(Stored data entries)
■ ■ ■ ■ ■ ■ ■
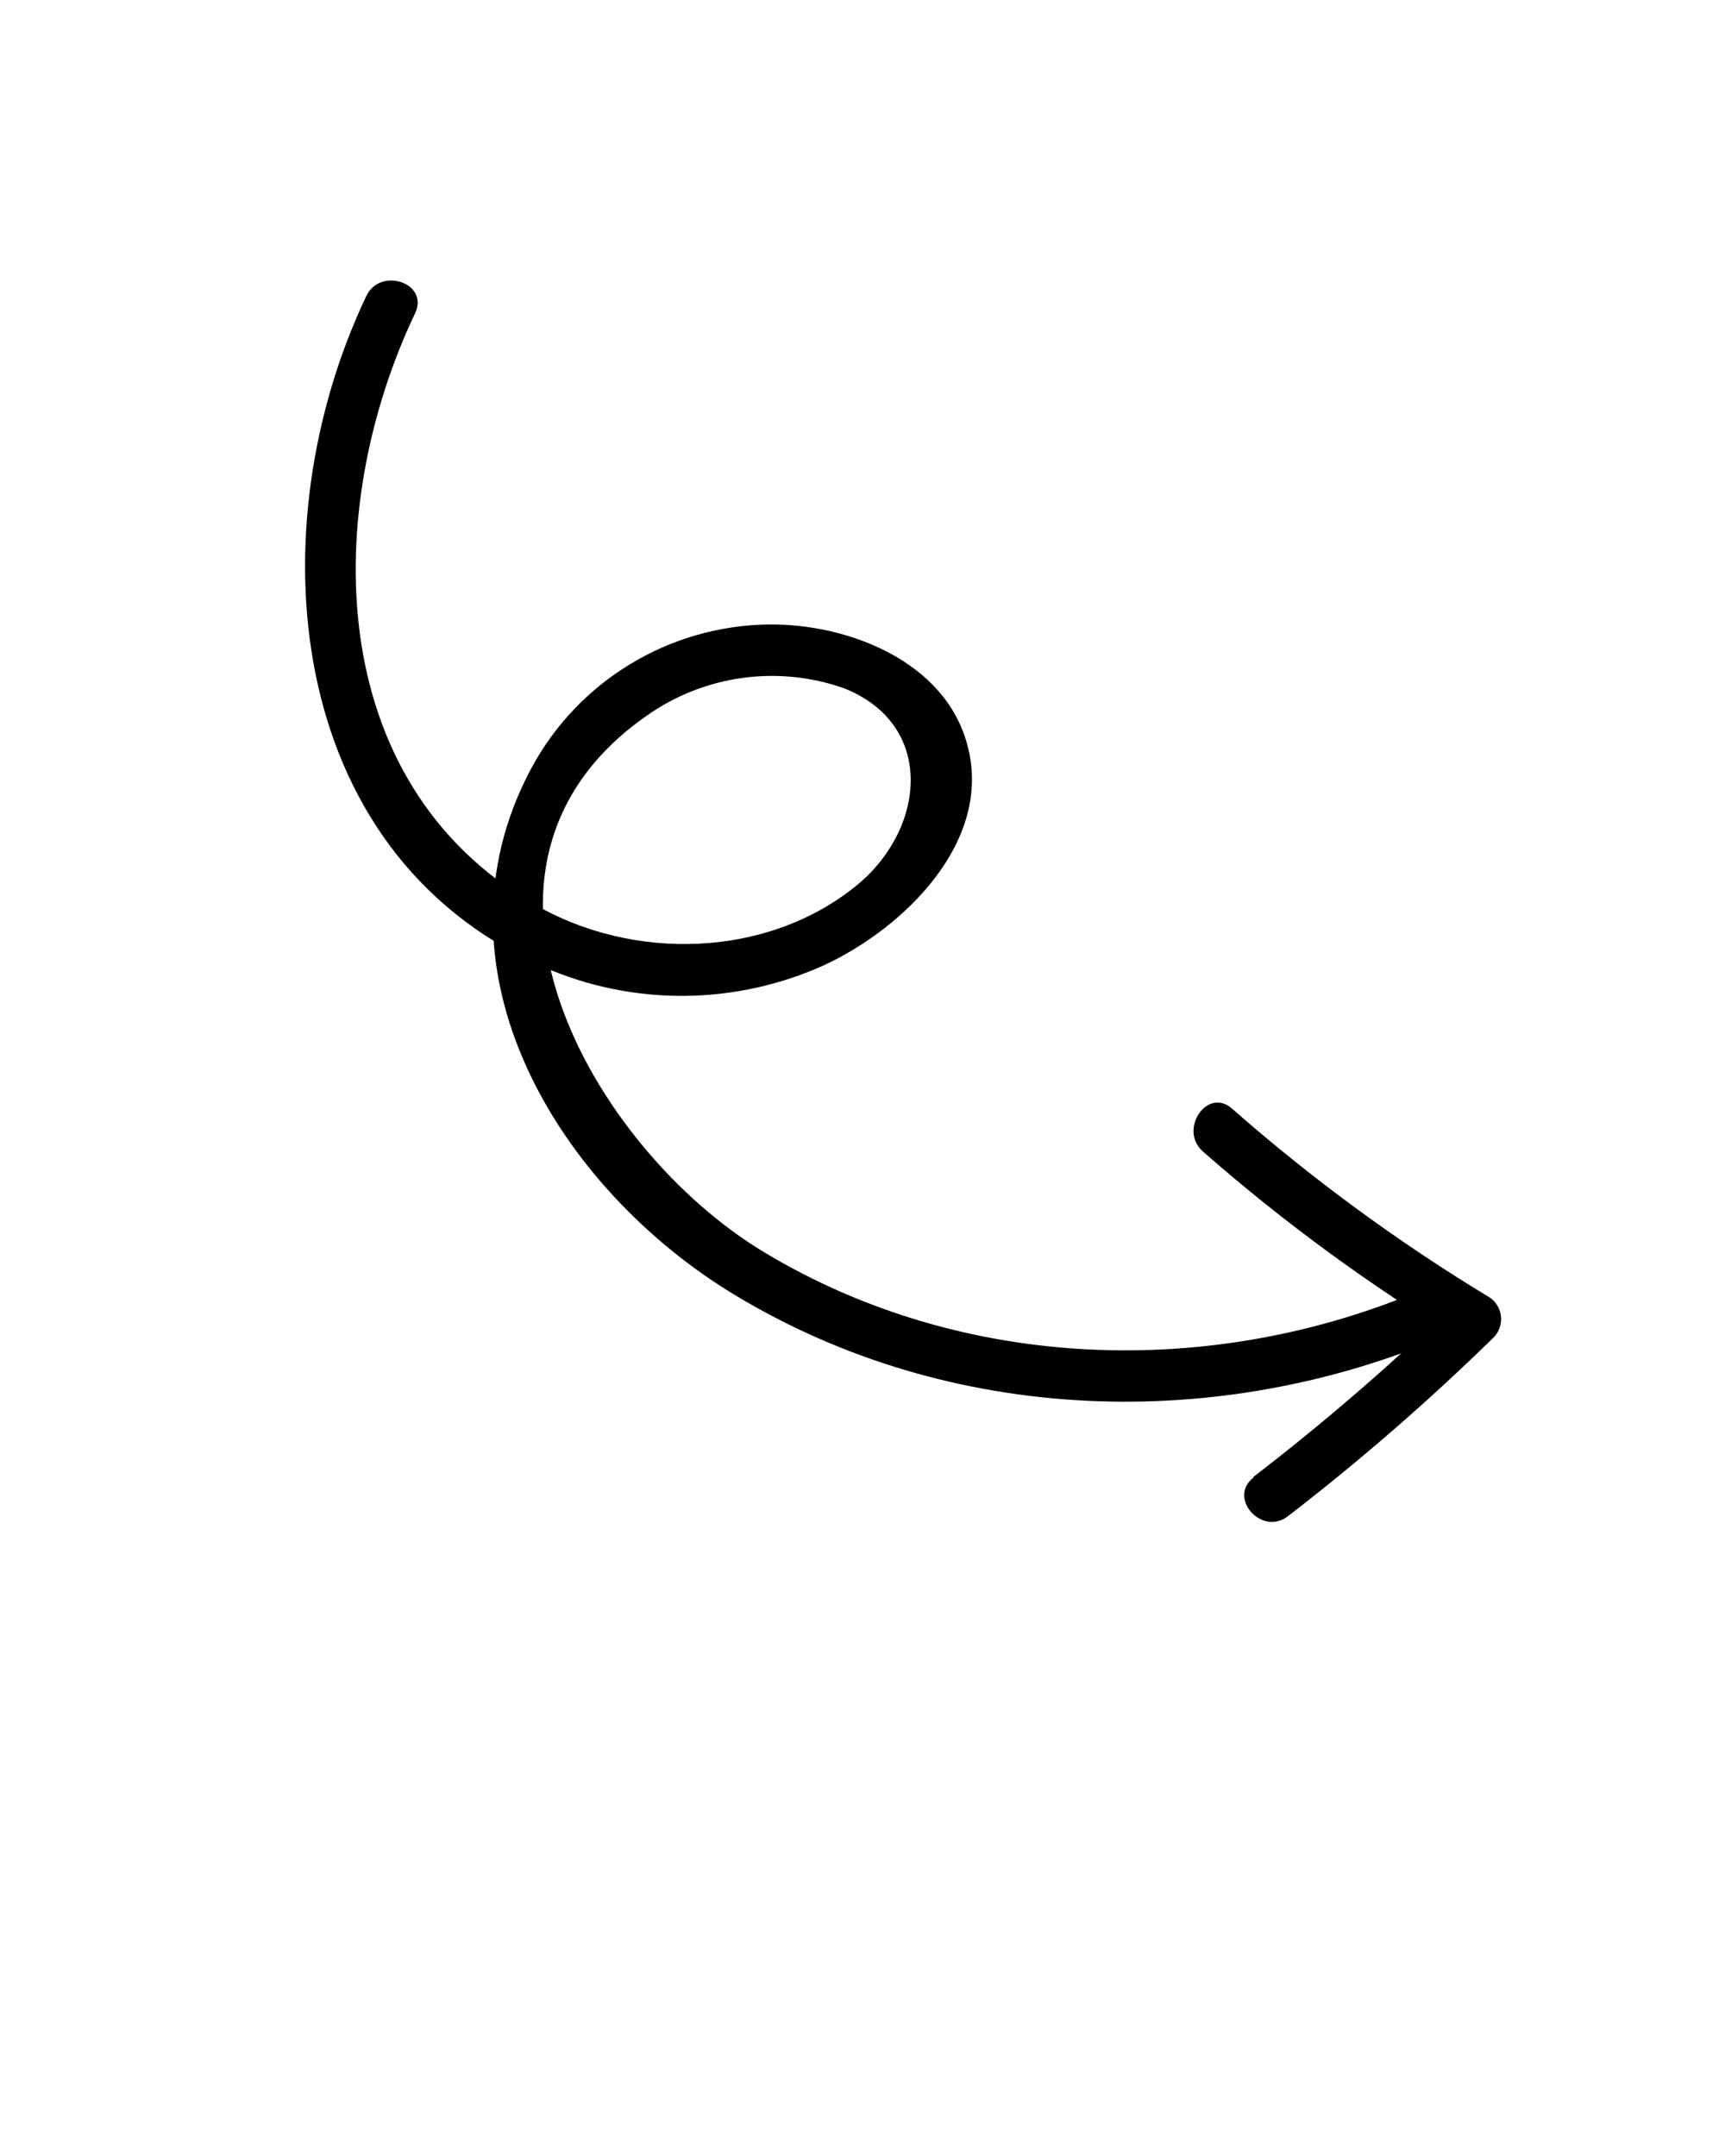 <?xml version="1.0" encoding="UTF-8" standalone="no"?>
<!DOCTYPE svg PUBLIC "-//W3C//DTD SVG 1.1//EN" "http://www.w3.org/Graphics/SVG/1.1/DTD/svg11.dtd">
<svg width="100%" height="100%" viewBox="0 0 100 125" version="1.1" xmlns="http://www.w3.org/2000/svg" xmlns:xlink="http://www.w3.org/1999/xlink" xml:space="preserve" xmlns:serif="http://www.serif.com/" style="fill-rule:evenodd;clip-rule:evenodd;stroke-linejoin:round;stroke-miterlimit:2;">
    <g transform="matrix(0.998,0.068,0.068,-0.998,-3.467,101.437)">
        <path d="M21.8,84.93C17.17,73.18 18.3,57.49 31,51.23C36.9,48.31 44.64,48.99 49.55,53.55C53.36,57.09 53.55,63.2 48.05,64.94C44.134,66.019 39.929,65.135 36.78,62.57C24.87,53 35.34,37.29 45.69,32C57.69,25.85 72.16,26.42 84.01,32.5C85.73,33.38 87.25,30.79 85.53,29.91C72.68,23.32 57.14,22.74 44.17,29.41C33.6,34.83 24.86,47 30.31,59.07C32.675,64.301 37.709,67.85 43.43,68.32C47.99,68.7 53.81,66.92 55.43,62.14C57.32,56.68 52.49,51.31 48.05,48.86C43.046,46.158 37.12,45.713 31.77,47.64C16.2,53.3 13.49,72 18.91,85.73C19.61,87.5 22.51,86.73 21.8,84.93Z" style="fill-rule:nonzero;"/>
        <path d="M74.83,20.92C78.767,24.392 82.496,28.092 86,32L86.31,29.65C80.809,32.487 75.569,35.804 70.65,39.56C69.14,40.72 70.65,43.33 72.17,42.15C77.084,38.391 82.321,35.075 87.82,32.24C88.277,31.966 88.558,31.47 88.558,30.937C88.558,30.543 88.404,30.163 88.13,29.88C84.639,25.973 80.923,22.273 77,18.8C75.56,17.53 73.42,19.65 74.88,20.92L74.83,20.92Z" style="fill-rule:nonzero;"/>
    </g>
</svg>
■ ■ ■ ■ ■ ■ ■
:: Try it ::
The answer should hold every entry exactly as given and no pictures at all.

:: Result below ::
 <?xml version="1.0" encoding="UTF-8" standalone="no"?>
<!DOCTYPE svg PUBLIC "-//W3C//DTD SVG 1.1//EN" "http://www.w3.org/Graphics/SVG/1.1/DTD/svg11.dtd">
<svg width="100%" height="100%" viewBox="0 0 100 125" version="1.1" xmlns="http://www.w3.org/2000/svg" xmlns:xlink="http://www.w3.org/1999/xlink" xml:space="preserve" xmlns:serif="http://www.serif.com/" style="fill-rule:evenodd;clip-rule:evenodd;stroke-linejoin:round;stroke-miterlimit:2;">
    <g transform="matrix(0.998,0.068,0.068,-0.998,-3.467,101.437)">
        <path d="M21.8,84.93C17.17,73.18 18.3,57.49 31,51.23C36.9,48.31 44.64,48.99 49.55,53.55C53.36,57.09 53.55,63.2 48.05,64.94C44.134,66.019 39.929,65.135 36.78,62.57C24.87,53 35.34,37.29 45.69,32C57.69,25.85 72.16,26.42 84.01,32.5C85.73,33.38 87.25,30.79 85.53,29.91C72.68,23.32 57.14,22.74 44.17,29.41C33.6,34.83 24.86,47 30.31,59.07C32.675,64.301 37.709,67.85 43.43,68.32C47.99,68.7 53.81,66.92 55.43,62.14C57.32,56.68 52.49,51.31 48.05,48.86C43.046,46.158 37.12,45.713 31.77,47.64C16.2,53.3 13.49,72 18.91,85.73C19.61,87.5 22.51,86.73 21.8,84.93Z" style="fill-rule:nonzero;"/>
        <path d="M74.83,20.92C78.767,24.392 82.496,28.092 86,32L86.31,29.65C80.809,32.487 75.569,35.804 70.65,39.56C69.14,40.72 70.65,43.33 72.17,42.15C77.084,38.391 82.321,35.075 87.82,32.24C88.277,31.966 88.558,31.47 88.558,30.937C88.558,30.543 88.404,30.163 88.13,29.88C84.639,25.973 80.923,22.273 77,18.8C75.56,17.53 73.42,19.65 74.88,20.92L74.83,20.92Z" style="fill-rule:nonzero;"/>
    </g>
</svg>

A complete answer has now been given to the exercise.